If only the Japanese had retained exclusive rights to this chip. The world would have been a different place.
I read it would take 360.000 4004 CPUs to get the same performance of a regular desktop we use today.
We’ve come a long way.
Actually, it’s probably several order of magnitude higher than that. I’d roughly say 10^9 to 10^12 4004 units to reach the performance of current CPUs.
The things is that current CPUs do in hardware things that have to be emulated (i.e. slowly) on the 4004:
– The 4004 is 4 bits per instruction, x86-64 can work directly on 64 bits registers. Hence operations on normal 32 or 64 bits integers take several instructions on 4004 while only one on x86-64.

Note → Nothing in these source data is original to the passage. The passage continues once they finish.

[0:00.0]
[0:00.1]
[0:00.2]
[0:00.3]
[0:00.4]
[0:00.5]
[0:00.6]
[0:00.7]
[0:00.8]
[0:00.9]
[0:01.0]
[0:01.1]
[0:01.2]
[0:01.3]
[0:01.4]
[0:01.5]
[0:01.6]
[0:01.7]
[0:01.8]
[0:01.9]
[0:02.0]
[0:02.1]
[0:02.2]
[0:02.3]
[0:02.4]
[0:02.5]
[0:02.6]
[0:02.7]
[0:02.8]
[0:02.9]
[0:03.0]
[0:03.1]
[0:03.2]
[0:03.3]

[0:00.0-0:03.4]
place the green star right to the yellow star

– The number of cycles needed to execute complex integer operation such as division and multiplication has been dramatically reduced on modern CPUs.

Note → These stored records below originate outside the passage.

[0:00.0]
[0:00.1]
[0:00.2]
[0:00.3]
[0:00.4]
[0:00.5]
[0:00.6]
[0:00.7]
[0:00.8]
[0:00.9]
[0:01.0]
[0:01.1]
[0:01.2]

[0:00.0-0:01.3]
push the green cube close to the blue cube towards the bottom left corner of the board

– The 4004 has no hardware support for floating point math. Compare that with the Core i7 Sandy Bridge that can execute an operation on 8 floats in one instruction via AVX.
If you throw into the mix things like GPU (CUDA/OpenCL), it’s just getting ridiculous.
Yet, it would only take of few years for the 4004 to do more computation than what civilization has ever done before the advent of electronic computer in the 1940’s.
That is certainly one way of looking at it to maximize the difference up to gazillions.
I prefer to compare the productivity of PCs built with useful processors even if one has orders more devices and clock speed than the other.
An early 68000 has around 46000 devices running near 8MHz while the 4004 has 2300 devices at 0.8MHz. The overall difference is 200 more power for the first nice CPU you could actually use to work on graphical documents with windows and mouse. The 486 would be similar.
A modern x86 may have 10,000 as many devices and 400 times the clock speed, which means a PC today has maybe 4 million times the theoretical performance of the 68K Mac.
Some how the quad core I am using today does not feel like it has 4M times more performance or responsiveness than my first Mac. Maybe it feels 100 time faster but it still has too many odd latencies. It does have 20 times the screen estate and full color so it needs at least a 1000 times the power for software based graphics but then again the graphics is done by nVidia/ATI so what the heck is the CPU doing, its mostly idle as was the 68K.
For me the usefulness of a processor seems to follow more the log of the devices x clock speed.
So 4Mx200 is close enough to the 1 Billion suggested. Of course these arguments don’t really make much sense, like comparing an amoeba to higher life forms.
I am luck enough, I used one of those chips. Soon later, moved to the Z80, 8080, 6809, 8086, and then microcontrollers such 8051 and AVRs.
Time goes by very fast, technology advanced fast as well. I barely was able to follow the speed of it, and actually totally lost the whole overview of what is happening.
Happy Birthday Mr. Forty O’Four.
I can not even guess what we will have in the next 40 years, in 2051.
Wagner
I may have to dig in my old parts bin. I may have one or more of those laying around.